All document-level failures raise from a common `DocumentLoadError` base, making them easy to catch together or individually:

```python
from agentic_kie import (
    DocumentLoadError,
    CorruptDocumentError,
    PasswordProtectedError,
    EmptyDocumentError,
    OCRNotConfiguredError,
)

try:
    doc = loader.load(path)
except PasswordProtectedError:
    print("Document is encrypted")
except OCRNotConfiguredError:
    print("Scanned document detected — provide an OCR provider")
except DocumentLoadError as e:
    print(f"Load failed: {e}")
```

---

## Extraction strategies

The extraction layer is under active development.
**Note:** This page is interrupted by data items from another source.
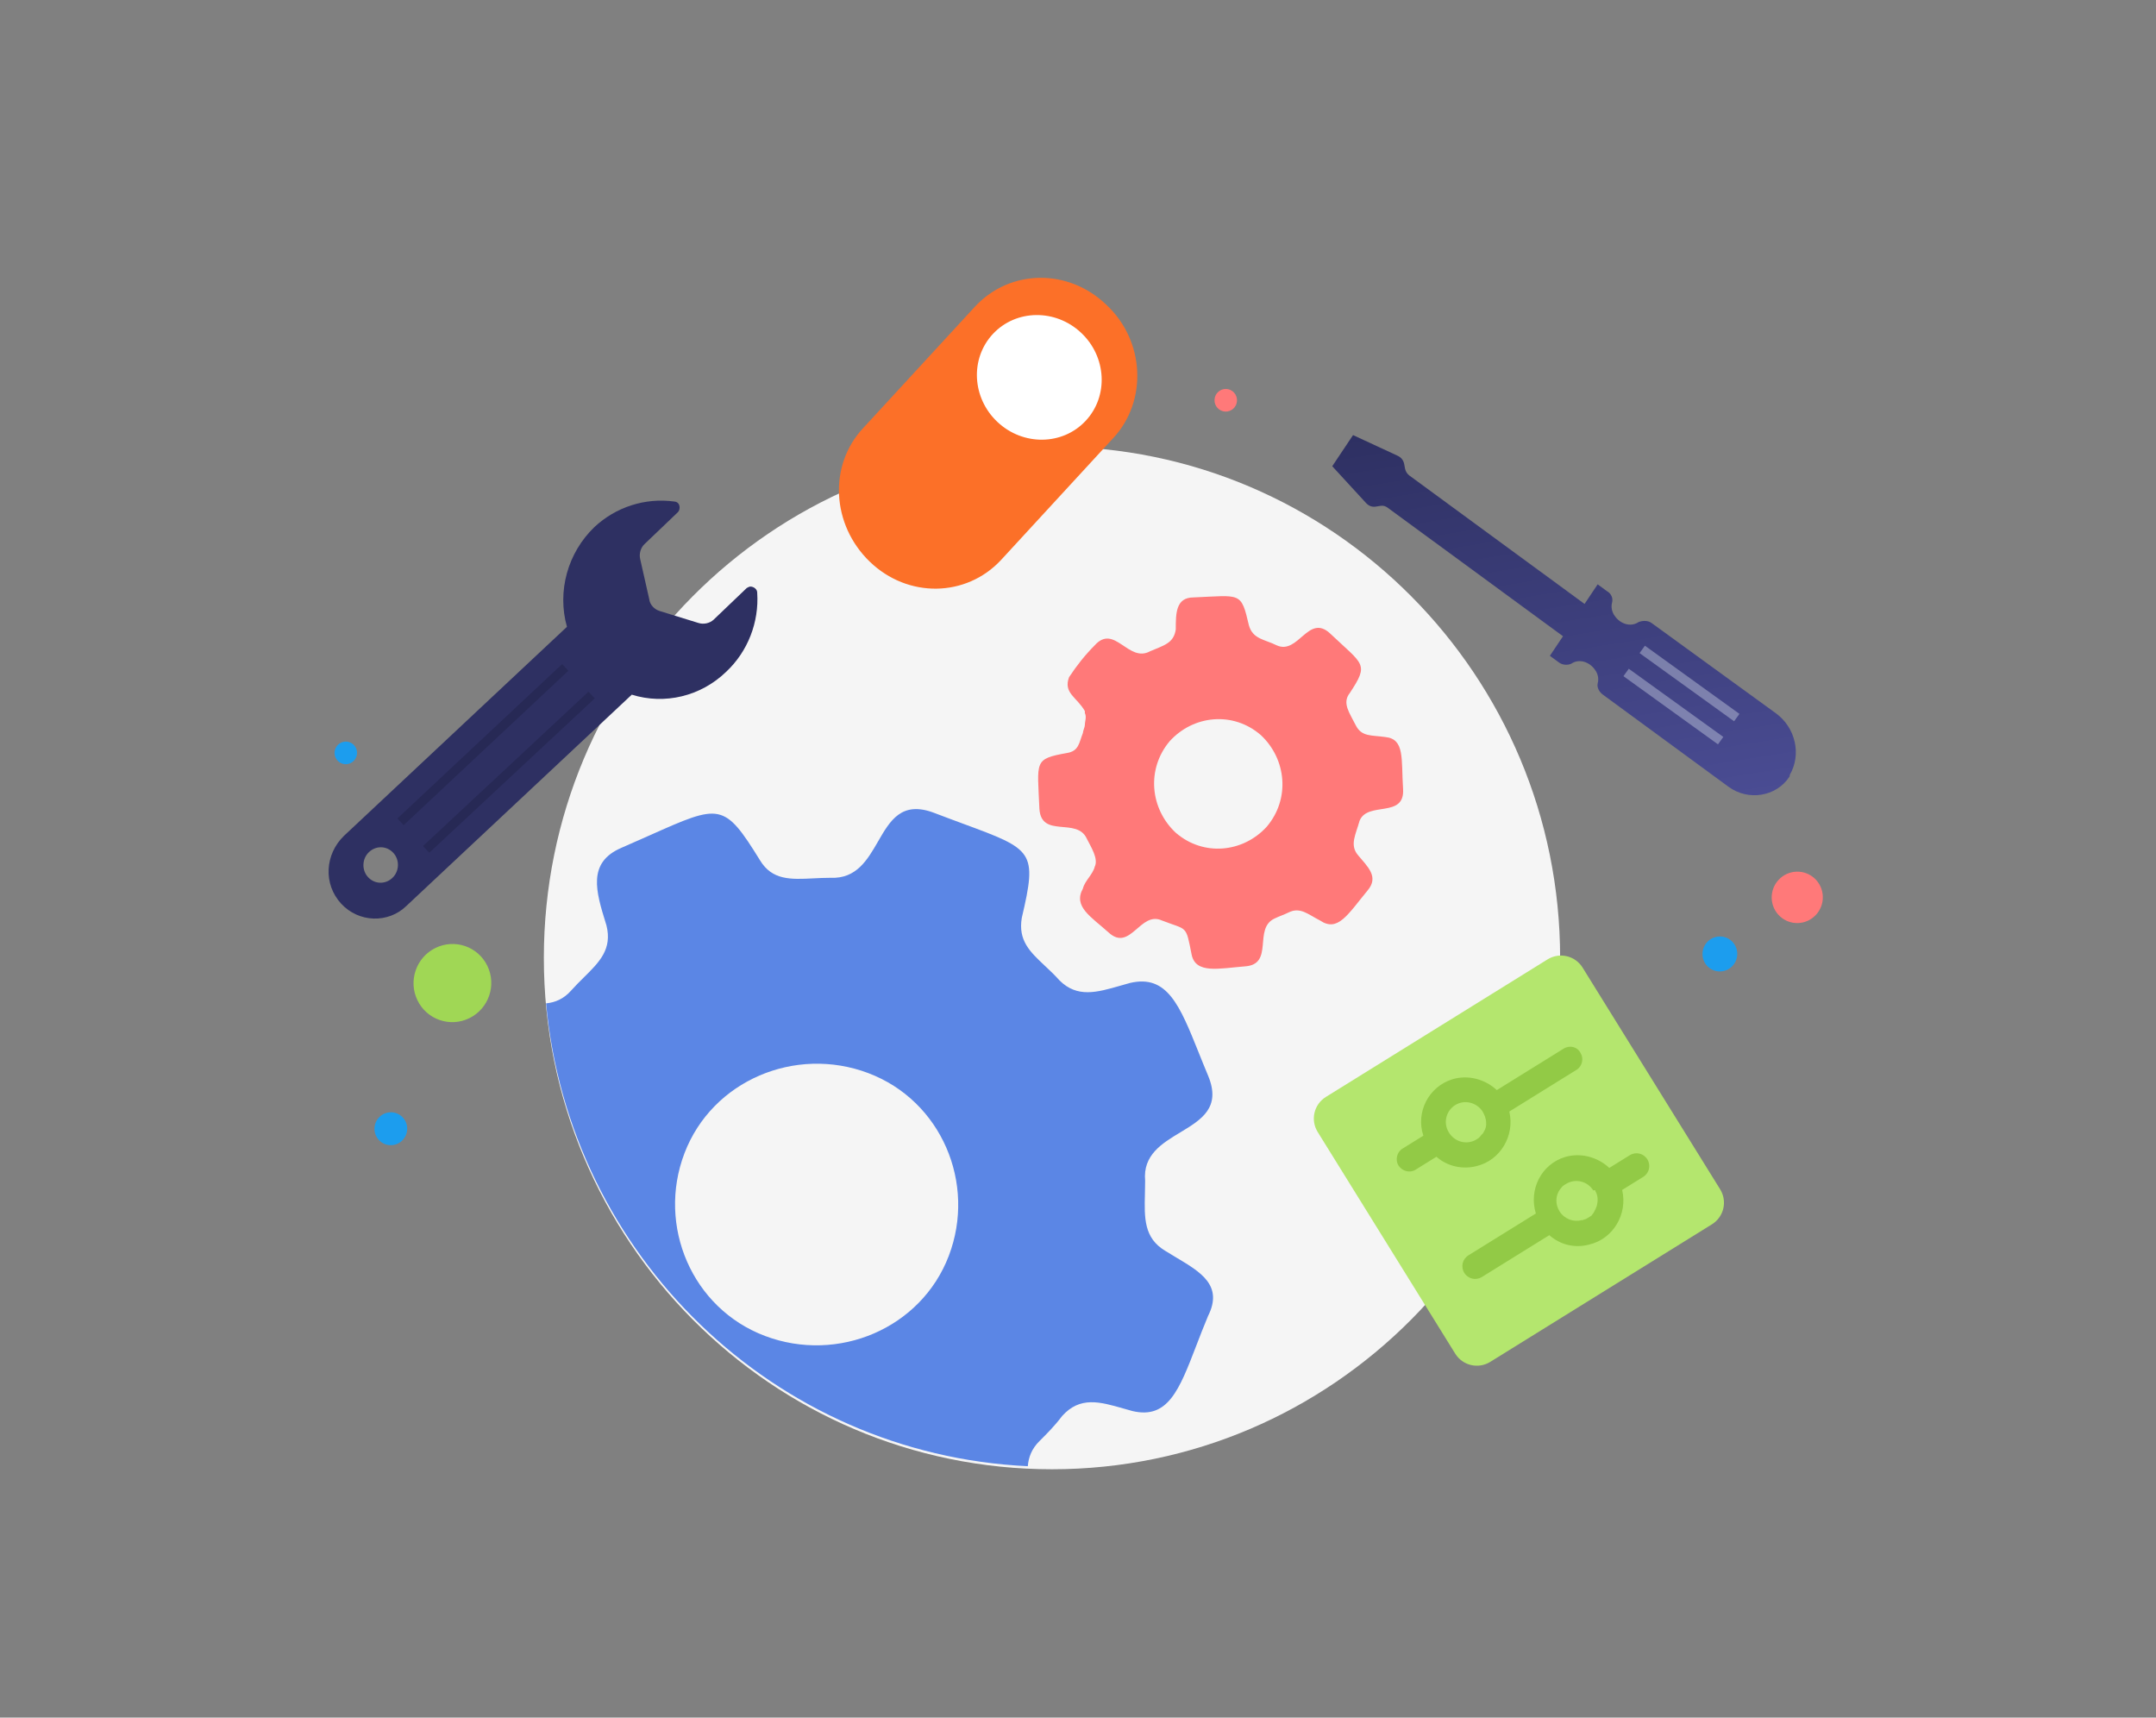<svg width="236" height="188" viewBox="0 0 236 188" fill="none" xmlns="http://www.w3.org/2000/svg">
<rect x="0" y="0" width="236" height="188" fill="#808080" stroke="none"/>
<path d="M115.152 160.819C145.871 160.819 170.774 135.76 170.774 104.848C170.774 73.936 145.871 48.877 115.152 48.877C84.433 48.877 59.531 73.936 59.531 104.848C59.531 135.76 84.433 160.819 115.152 160.819Z" fill="#F5F5F5"/>
<path d="M135.005 44.726C135.507 44.265 135.542 43.481 135.083 42.975C134.624 42.47 133.845 42.435 133.343 42.897C132.841 43.358 132.806 44.142 133.265 44.648C133.723 45.153 134.502 45.188 135.005 44.726Z" fill="#FF7979"/>
<path fill-rule="evenodd" clip-rule="evenodd" d="M112.506 160.485C112.582 159.511 112.931 158.579 113.776 157.739C114.603 156.917 115.43 156.095 116.256 154.998C118.217 152.804 120.396 153.43 122.987 154.173C123.309 154.265 123.637 154.36 123.971 154.45C127.843 155.356 129.079 152.143 130.948 147.288C131.34 146.269 131.76 145.177 132.238 144.037C133.911 140.708 131.436 139.236 128.771 137.651C128.365 137.41 127.954 137.166 127.553 136.912C125.203 135.509 125.258 133.309 125.326 130.651C125.337 130.194 125.349 129.722 125.349 129.239C125.091 126.419 127.184 125.158 129.204 123.941C131.502 122.557 133.704 121.23 132.238 117.729C131.878 116.872 131.547 116.047 131.233 115.264C129.134 110.035 127.769 106.636 123.696 107.59C123.336 107.687 122.983 107.789 122.638 107.888C120.079 108.626 117.923 109.247 115.981 107.316C115.442 106.713 114.887 106.192 114.363 105.701C112.745 104.183 111.431 102.95 111.847 100.465C113.56 93.165 113.1 92.995 105.452 90.171C104.487 89.814 103.408 89.416 102.204 88.955C98.686 87.643 97.429 89.821 96.111 92.106C94.951 94.116 93.743 96.208 90.906 96.08C90.261 96.08 89.638 96.111 89.039 96.141C86.567 96.265 84.522 96.368 83.191 94.162C79.257 87.803 78.834 87.992 71.151 91.417C70.225 91.83 69.193 92.29 68.037 92.792C64.251 94.405 65.242 97.602 66.321 101.087C66.342 101.153 66.363 101.22 66.383 101.287C67.037 103.889 65.621 105.29 63.909 106.983C63.458 107.43 62.986 107.897 62.526 108.412C61.71 109.339 60.772 109.727 59.775 109.824C62.323 137.403 84.756 159.176 112.506 160.485ZM83.742 146.229C91.733 149.244 100.826 145.407 103.857 137.46C106.888 129.513 103.03 120.47 95.04 117.455C87.049 114.441 77.956 118.277 74.925 126.224C71.894 134.171 75.752 143.215 83.742 146.229Z" fill="#5B86E5"/>
<path d="M153.583 86.347C153.367 83.073 153.799 80.89 151.636 80.672C150.121 80.453 149.04 80.672 148.391 79.362C147.742 78.052 146.876 76.961 147.742 75.869C149.905 72.595 149.256 72.813 145.578 69.32C143.198 67.138 142.117 71.722 139.737 70.63C138.439 69.975 137.141 69.975 136.708 68.447C135.842 64.736 135.842 65.173 130.65 65.391C128.703 65.391 128.703 67.138 128.703 68.884C128.487 70.412 127.405 70.63 125.89 71.285C123.511 72.595 121.996 68.229 119.833 70.63C118.751 71.722 117.886 72.813 117.02 74.123C116.371 75.869 117.886 76.306 118.751 77.834C118.751 77.834 118.751 77.834 118.751 78.052C118.967 78.489 118.751 78.925 118.751 79.362C118.751 79.58 118.535 80.017 118.535 80.235C118.102 81.326 118.102 82.2 116.804 82.418C113.126 83.073 113.559 83.291 113.775 88.53C113.991 91.805 117.886 89.403 118.967 91.805C119.4 92.678 120.265 93.987 119.833 94.861C119.616 95.734 118.751 96.389 118.535 97.262C117.453 99.226 119.4 100.318 121.347 102.064C123.727 104.247 124.809 99.663 127.189 100.754C130.001 101.846 129.785 101.191 130.434 104.465C130.866 106.648 133.463 105.993 136.275 105.775C139.52 105.557 137.141 101.628 139.52 100.536C139.953 100.318 140.602 100.099 141.035 99.881C142.333 99.226 143.198 100.099 144.496 100.754C146.443 102.064 147.525 100.1 149.689 97.48C150.987 95.952 149.689 94.861 148.607 93.551C147.742 92.459 148.391 91.368 148.823 89.84C149.689 87.657 153.799 89.622 153.583 86.347ZM138.655 90.495C136.059 93.332 131.732 93.769 128.703 91.15C125.89 88.53 125.458 84.164 128.054 81.108C130.65 78.27 134.977 77.834 138.006 80.453C140.818 83.073 141.251 87.439 138.655 90.495Z" fill="#FF7979"/>
<path d="M47.658 103.763C45.546 104.804 44.667 107.368 45.696 109.488C46.725 111.608 49.272 112.483 51.385 111.441C53.498 110.399 54.376 107.836 53.347 105.716C52.318 103.595 49.771 102.721 47.658 103.763Z" fill="#A0D755"/>
<path d="M196.656 95.409C195.111 95.456 193.892 96.754 193.934 98.307C193.976 99.861 195.262 101.082 196.808 101.034C198.353 100.987 199.572 99.689 199.53 98.136C199.488 96.582 198.201 95.362 196.656 95.409Z" fill="#FF7979"/>
<path d="M188.21 102.503C187.159 102.536 186.33 103.418 186.358 104.474C186.387 105.531 187.262 106.361 188.313 106.329C189.364 106.296 190.192 105.414 190.164 104.358C190.136 103.301 189.261 102.471 188.21 102.503Z" fill="#1C9DEE"/>
<path d="M41.998 121.931C41.108 122.37 40.738 123.449 41.172 124.342C41.605 125.234 42.677 125.603 43.567 125.164C44.456 124.725 44.826 123.646 44.393 122.753C43.96 121.861 42.887 121.492 41.998 121.931Z" fill="#1C9DEE"/>
<path d="M37.312 81.296C36.701 81.598 36.446 82.34 36.744 82.954C37.042 83.569 37.78 83.822 38.392 83.52C39.004 83.218 39.258 82.476 38.96 81.862C38.662 81.248 37.924 80.995 37.312 81.296Z" fill="#1C9DEE"/>
<path d="M121.832 47.98L109.564 61.306C105.751 65.389 99.367 65.503 95.197 61.47C91.027 57.437 90.666 50.944 94.479 46.861L106.747 33.535C110.56 29.453 116.944 29.338 121.114 33.371C125.319 37.292 125.645 43.898 121.832 47.98Z" fill="#FC7028"/>
<path d="M118.837 46.064C121.362 43.365 121.138 39.046 118.336 36.418C115.535 33.79 111.216 33.848 108.69 36.547C106.165 39.247 106.389 43.566 109.191 46.194C111.993 48.822 116.311 48.764 118.837 46.064Z" fill="white"/>
<path d="M81.745 64.357L78.119 67.824C77.688 68.227 77.017 68.371 76.443 68.184L72.177 66.868C71.603 66.682 71.126 66.164 71.066 65.578L70.077 61.2C69.935 60.611 70.127 59.949 70.558 59.546L74.185 56.079C74.443 55.837 74.463 55.337 74.224 55.078C74.145 54.992 73.982 54.903 73.816 54.897C70.595 54.453 67.397 55.512 65.068 57.687C62.132 60.51 60.967 64.73 62.059 68.609L37.645 91.493C35.571 93.51 35.359 96.76 37.349 98.916C39.26 100.987 42.495 101.098 44.482 99.161L69.155 76.036C72.764 77.162 76.705 76.212 79.469 73.55C81.884 71.294 83.092 68.078 82.886 64.897C82.903 64.48 82.498 64.216 82.166 64.204C82 64.199 81.914 64.279 81.745 64.357ZM40.288 96.01C39.572 95.234 39.622 93.983 40.398 93.258C41.174 92.533 42.336 92.573 43.052 93.349C43.769 94.125 43.719 95.376 42.943 96.101C42.166 96.826 41.005 96.787 40.288 96.01C40.285 96.094 40.285 96.094 40.288 96.01Z" fill="#2E3062"/>
<path opacity="0.4" d="M61.873 73.055L43.844 89.951" stroke="#1C2043" stroke-miterlimit="10"/>
<path opacity="0.4" d="M64.759 76.077L46.648 92.971" stroke="#1C2043" stroke-miterlimit="10"/>
<path d="M180.793 68.198C180.414 67.92 179.867 67.895 179.362 68.089C178.498 68.677 177.341 68.299 176.731 67.383C176.437 66.979 176.333 66.432 176.459 65.961C176.586 65.49 176.376 64.96 175.893 64.7L174.883 63.96L173.449 66.105L154.269 52.046C154.017 51.861 153.849 51.55 153.807 51.331L153.702 50.784C153.619 50.347 153.345 50.053 152.988 49.885L148.107 47.623L145.83 51.03L149.53 55.058C149.803 55.352 150.161 55.521 150.582 55.453L151.108 55.369C151.424 55.318 151.656 55.394 151.908 55.579L171.088 69.638L169.654 71.783L170.664 72.523C171.043 72.801 171.59 72.826 171.99 72.649C172.853 72.06 174.011 72.438 174.62 73.355C174.914 73.759 175.019 74.305 174.892 74.776C174.765 75.248 175.08 75.76 175.459 76.038L189.213 86.12C191.358 87.692 194.411 87.204 195.845 85.058C195.845 85.058 195.929 84.932 195.908 84.823C197.215 82.585 196.545 79.65 194.4 78.078L180.793 68.198Z" fill="url(#paint0_linear_301_7450)"/>
<path opacity="0.4" d="M177.997 73.605L188.344 81.067" stroke="#D6DCE8" stroke-miterlimit="10"/>
<path opacity="0.4" d="M179.763 71.081L190.11 78.543" stroke="#D6DCE8" stroke-miterlimit="10"/>
<path d="M169.393 105.013L145.139 120.062C143.821 120.88 143.421 122.589 144.239 123.907L159.287 148.16C160.105 149.478 161.814 149.879 163.132 149.061L187.386 134.012C188.704 133.194 189.104 131.485 188.286 130.167L173.237 105.914C172.42 104.596 170.711 104.196 169.393 105.013Z" fill="#B4E66E"/>
<path d="M171.161 114.778L163.845 119.317C162.55 118.113 160.694 117.622 158.999 118.126C156.39 118.923 154.942 121.738 155.805 124.306L153.498 125.738C152.905 126.106 152.705 126.96 153.073 127.553C153.482 128.212 154.336 128.412 154.929 128.044L157.236 126.613C158.449 127.686 160.117 128.02 161.615 127.639C164.24 127.014 165.835 124.29 165.211 121.665L172.592 117.085C173.185 116.717 173.385 115.862 173.017 115.269C172.674 114.569 171.82 114.369 171.161 114.778ZM162.675 122.873C162.706 123.219 162.631 123.539 162.449 123.835C162.358 123.982 162.333 124.089 162.202 124.171C162.045 124.36 161.954 124.507 161.756 124.63C160.743 125.35 159.395 125.091 158.675 124.077C158.634 124.011 158.634 124.011 158.593 123.945C157.939 122.891 158.305 121.568 159.293 120.955C160.282 120.342 161.564 120.642 162.243 121.589C162.488 121.985 162.668 122.421 162.675 122.873ZM178.399 126.444L176.158 127.834C174.863 126.629 173.007 126.138 171.311 126.642C168.702 127.44 167.32 130.214 168.118 132.823L160.736 137.403C160.077 137.812 159.877 138.666 160.286 139.325C160.695 139.984 161.549 140.184 162.208 139.776L169.59 135.196C170.803 136.268 172.405 136.643 173.969 136.221C176.593 135.597 178.189 132.872 177.564 130.247L179.871 128.816C180.53 128.407 180.73 127.553 180.321 126.894C179.912 126.235 179.058 126.035 178.399 126.444ZM174.613 130.345C174.94 130.872 174.921 131.431 174.796 131.965C174.771 132.072 174.68 132.219 174.655 132.326C174.565 132.474 174.539 132.581 174.449 132.728C174.358 132.876 174.292 132.917 174.201 133.065C174.135 133.106 174.069 133.146 174.003 133.187C173.937 133.228 173.871 133.269 173.805 133.31C173.674 133.392 173.542 133.474 173.369 133.49C173.303 133.53 173.237 133.571 173.13 133.546C172.283 133.798 171.24 133.441 170.708 132.585C170.218 131.794 170.27 130.849 170.765 130.176C170.922 129.987 171.013 129.84 171.211 129.717C171.277 129.676 171.343 129.635 171.409 129.594C172.463 128.94 173.786 129.306 174.399 130.295C174.638 130.238 174.678 130.304 174.613 130.345Z" fill="#92CA46"/>
<defs>
<linearGradient id="paint0_linear_301_7450" x1="167.022" y1="44.596" x2="174.28" y2="89.947" gradientUnits="userSpaceOnUse">
<stop stop-color="#2E3062"/>
<stop offset="1" stop-color="#4A4C93"/>
</linearGradient>
</defs>
</svg>

Two strategies are planned:

- **Single-pass**: issues one structured prompt and parses the response directly against a Pydantic schema. Fast and predictable; suitable for well-structured documents.
- **Agentic**: a [LangChain](https://python.langchain.com/)-powered agent loop that can reason iteratively, call tools, and refine its output over multiple steps. Better suited for complex or ambiguous documents.

Both strategies will accept a `PDFDocument` and a user-defined Pydantic schema, and return a validated extraction result.

---

## Contributing

See [CONTRIBUTING.md](CONTRIBUTING.md) for development setup, available `make` targets, and the CI/CD pipeline.